Your copy should match the records exactly, except that it contains no pictures.

○ ○ ○

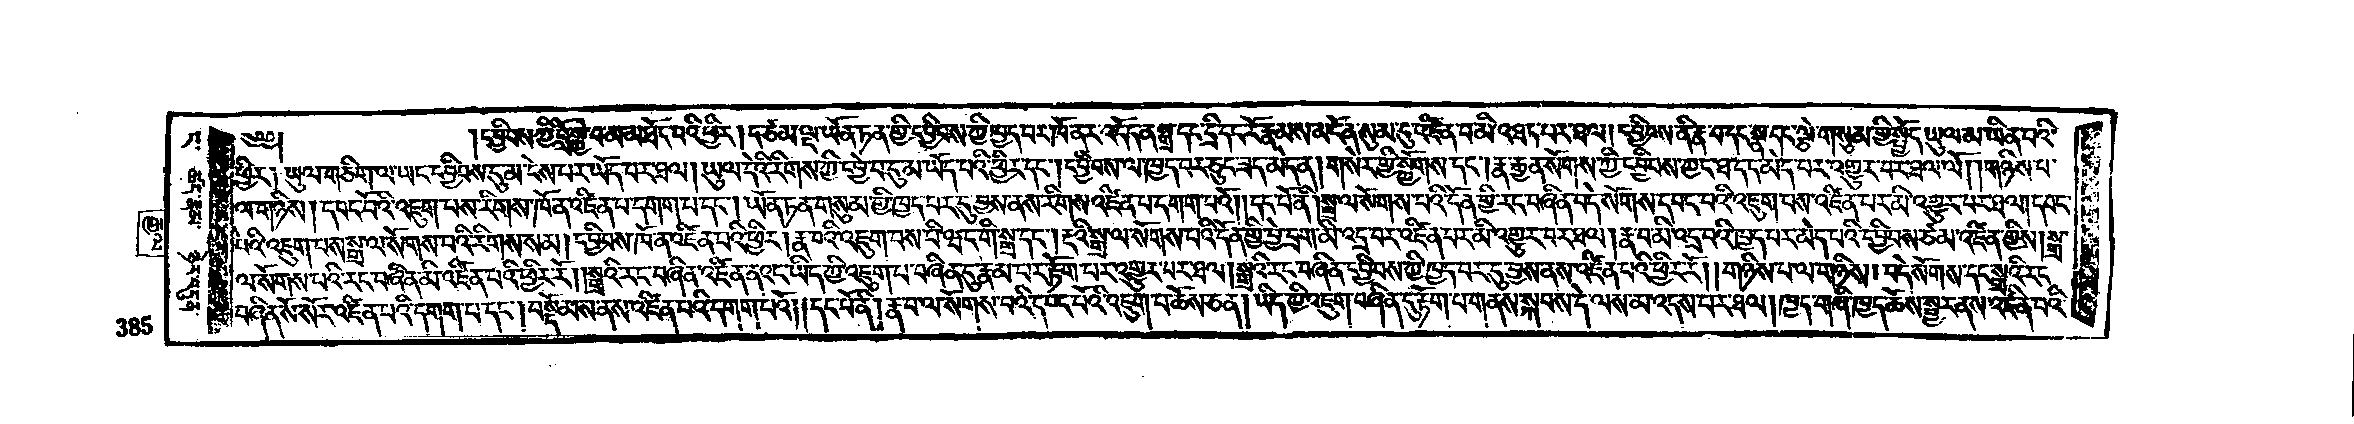༄༅། །དབྱིབས་ཀྱི་བློ་སྐྱེ་བ་མ་མཐོང་བའི་ཕྱིར། ད་ཙམ་ལྔ་ཡོན་ཏན་གྱི་དབྱིབས་ཀྱི་ཁྱད་པར་ཁོ་ནར་འདོད་ན་སྒྲ་དང་དྲི་དང་རོ་རྣམས་མངོན་སུམ་དུ་འཛིན་པ་མི་འཐད་པར་ཐལ། དབྱིབས་ནི་རྣ་བ་དང་སྣ་དང་ལྕེ་གསུམ་གྱི་སྤྱོད་ཡུལ་མ་ཡིན་པའི་
ཕྱིར༑ ཡུལ་གཅིག་ལ་ཡང་དབྱིབས་དུ་མ་ངེས་པར་ཡོད་པར་ཐལ། ཡུལ་དེའི་རིགས་ཀྱི་དབྱེ་བ་དུ་མ་ཡོད་པའི་ཕྱིར་དང་། དབྱིབས་ལ་ཁྱད་པར་ཅུང་ཟད་མེད་ན། གསེར་གྱི་སྐྱོགས་དང་། རྣ་རྒྱན་སོགས་ཀྱི་དབྱིབས་ཀྱང་ཐ་དད་མེད་པར་འགྱུར་པར་ཐལ་ལོ། །གཉིས་པ་
ལ་གཉིས། དབང་པོའི་འཇུག་པས་རིགས་ཁོ་ན་འཛིན་པ་དགག་པ་དང་། ཡོན་ཏན་གསུམ་གྱི་ཁྱད་པར་དུ་བྱས་ནས་རིགས་འཛིན་པ་དགག་པའོ། །དང་པོ་ནི། སྒྲ་ལ་སོགས་པའི་དོན་གྱི་རང་བཞིན་བདེ་སོགས་དབང་པའི་འཇུག་པས་འཛིན་པར་མི་འགྱུར་པར་ཐལ། དབང་
པའི་འཇུག་པས་སྒྲ་ལ་སོགས་པའི་རིགས་སམ། དབྱིབས་ཁོ་ན་འཛིན་པའི་ཕྱིར། རྣ་བའི་འཇུག་པས་པོ་ཝང་གི་སྒྲ་དང་། སྔའི་སྒྲ་ལ་སོགས་པའི་དོན་གྱི་བྱེ་བྲག་མི་འདྲ་བར་འཛིན་པར་མི་འགྱུར་པར་ཐལ། རྣ་བ་མི་འདྲ་བའི་ཁྱད་པར་མེད་པའི་དབྱིབས་ཙམ་འཛིན་གྱིས། སྒྲ་
ལ་སོགས་པའི་རང་བཞིན་མི་འཛིན་པའི་ཕྱིར་རོ། །སྒྲའི་རང་བཞིན་འཛིན་ནའང་ཡིད་ཀྱི་འཇུག་པ་བཞིན་དུ་རྣམ་པར་རྟོག་པར་འགྱུར་པར་ཐལ། སྒྲའི་རང་བཞིན་དབྱིབས་ཀྱི་ཁྱད་པར་དུ་བྱས་ནས་འཛིན་པའི་ཕྱིར་རོ། །གཉིས་པ་ལ་གཉིས། བདེ་སོགས་དང་སྒྲའི་རང་
བཞིན་སོ་སོར་འཛིན་པའི་དགག་པ་དང་། བསྡོམས་ནས་འཛིན་པའི་དགག་པའོ། །དང་པོ་ནི། རྣ་བ་ལ་སོགས་པའི་དབང་པོའི་འཇུག་པ་ཆོས་ཅན། ཡིད་ཀྱི་འཇུག་བཞིན་དུ་རྟོག་པ་གནས་སྐབས་དེ་ལས་མ་འདས་ཐར་ཐལ། ཁྱད་གཞི་ཁྱད་ཆོས་སྦྱར་ནས་འཛིན་བའི་

○ ○ ○

— Exercise result —
༄༅། །དབྱིབས་ཀྱི་བློ་སྐྱེ་བ་མ་མཐོང་བའི་ཕྱིར། ད་ཙམ་ལྔ་ཡོན་ཏན་གྱི་དབྱིབས་ཀྱི་ཁྱད་པར་ཁོ་ནར་འདོད་ན་སྒྲ་དང་དྲི་དང་རོ་རྣམས་མངོན་སུམ་དུ་འཛིན་པ་མི་འཐད་པར་ཐལ། དབྱིབས་ནི་རྣ་བ་དང་སྣ་དང་ལྕེ་གསུམ་གྱི་སྤྱོད་ཡུལ་མ་ཡིན་པའི་
ཕྱིར༑ ཡུལ་གཅིག་ལ་ཡང་དབྱིབས་དུ་མ་ངེས་པར་ཡོད་པར་ཐལ། ཡུལ་དེའི་རིགས་ཀྱི་དབྱེ་བ་དུ་མ་ཡོད་པའི་ཕྱིར་དང་། དབྱིབས་ལ་ཁྱད་པར་ཅུང་ཟད་མེད་ན། གསེར་གྱི་སྐྱོགས་དང་། རྣ་རྒྱན་སོགས་ཀྱི་དབྱིབས་ཀྱང་ཐ་དད་མེད་པར་འགྱུར་པར་ཐལ་ལོ། །གཉིས་པ་
ལ་གཉིས། དབང་པོའི་འཇུག་པས་རིགས་ཁོ་ན་འཛིན་པ་དགག་པ་དང་། ཡོན་ཏན་གསུམ་གྱི་ཁྱད་པར་དུ་བྱས་ནས་རིགས་འཛིན་པ་དགག་པའོ། །དང་པོ་ནི། སྒྲ་ལ་སོགས་པའི་དོན་གྱི་རང་བཞིན་བདེ་སོགས་དབང་པའི་འཇུག་པས་འཛིན་པར་མི་འགྱུར་པར་ཐལ། དབང་
པའི་འཇུག་པས་སྒྲ་ལ་སོགས་པའི་རིགས་སམ། དབྱིབས་ཁོ་ན་འཛིན་པའི་ཕྱིར། རྣ་བའི་འཇུག་པས་པོ་ཝང་གི་སྒྲ་དང་། སྔའི་སྒྲ་ལ་སོགས་པའི་དོན་གྱི་བྱེ་བྲག་མི་འདྲ་བར་འཛིན་པར་མི་འགྱུར་པར་ཐལ། རྣ་བ་མི་འདྲ་བའི་ཁྱད་པར་མེད་པའི་དབྱིབས་ཙམ་འཛིན་གྱིས། སྒྲ་
ལ་སོགས་པའི་རང་བཞིན་མི་འཛིན་པའི་ཕྱིར་རོ། །སྒྲའི་རང་བཞིན་འཛིན་ནའང་ཡིད་ཀྱི་འཇུག་པ་བཞིན་དུ་རྣམ་པར་རྟོག་པར་འགྱུར་པར་ཐལ། སྒྲའི་རང་བཞིན་དབྱིབས་ཀྱི་ཁྱད་པར་དུ་བྱས་ནས་འཛིན་པའི་ཕྱིར་རོ། །གཉིས་པ་ལ་གཉིས། བདེ་སོགས་དང་སྒྲའི་རང་
བཞིན་སོ་སོར་འཛིན་པའི་དགག་པ་དང་། བསྡོམས་ནས་འཛིན་པའི་དགག་པའོ། །དང་པོ་ནི། རྣ་བ་ལ་སོགས་པའི་དབང་པོའི་འཇུག་པ་ཆོས་ཅན། ཡིད་ཀྱི་འཇུག་བཞིན་དུ་རྟོག་པ་གནས་སྐབས་དེ་ལས་མ་འདས་ཐར་ཐལ། ཁྱད་གཞི་ཁྱད་ཆོས་སྦྱར་ནས་འཛིན་བའི་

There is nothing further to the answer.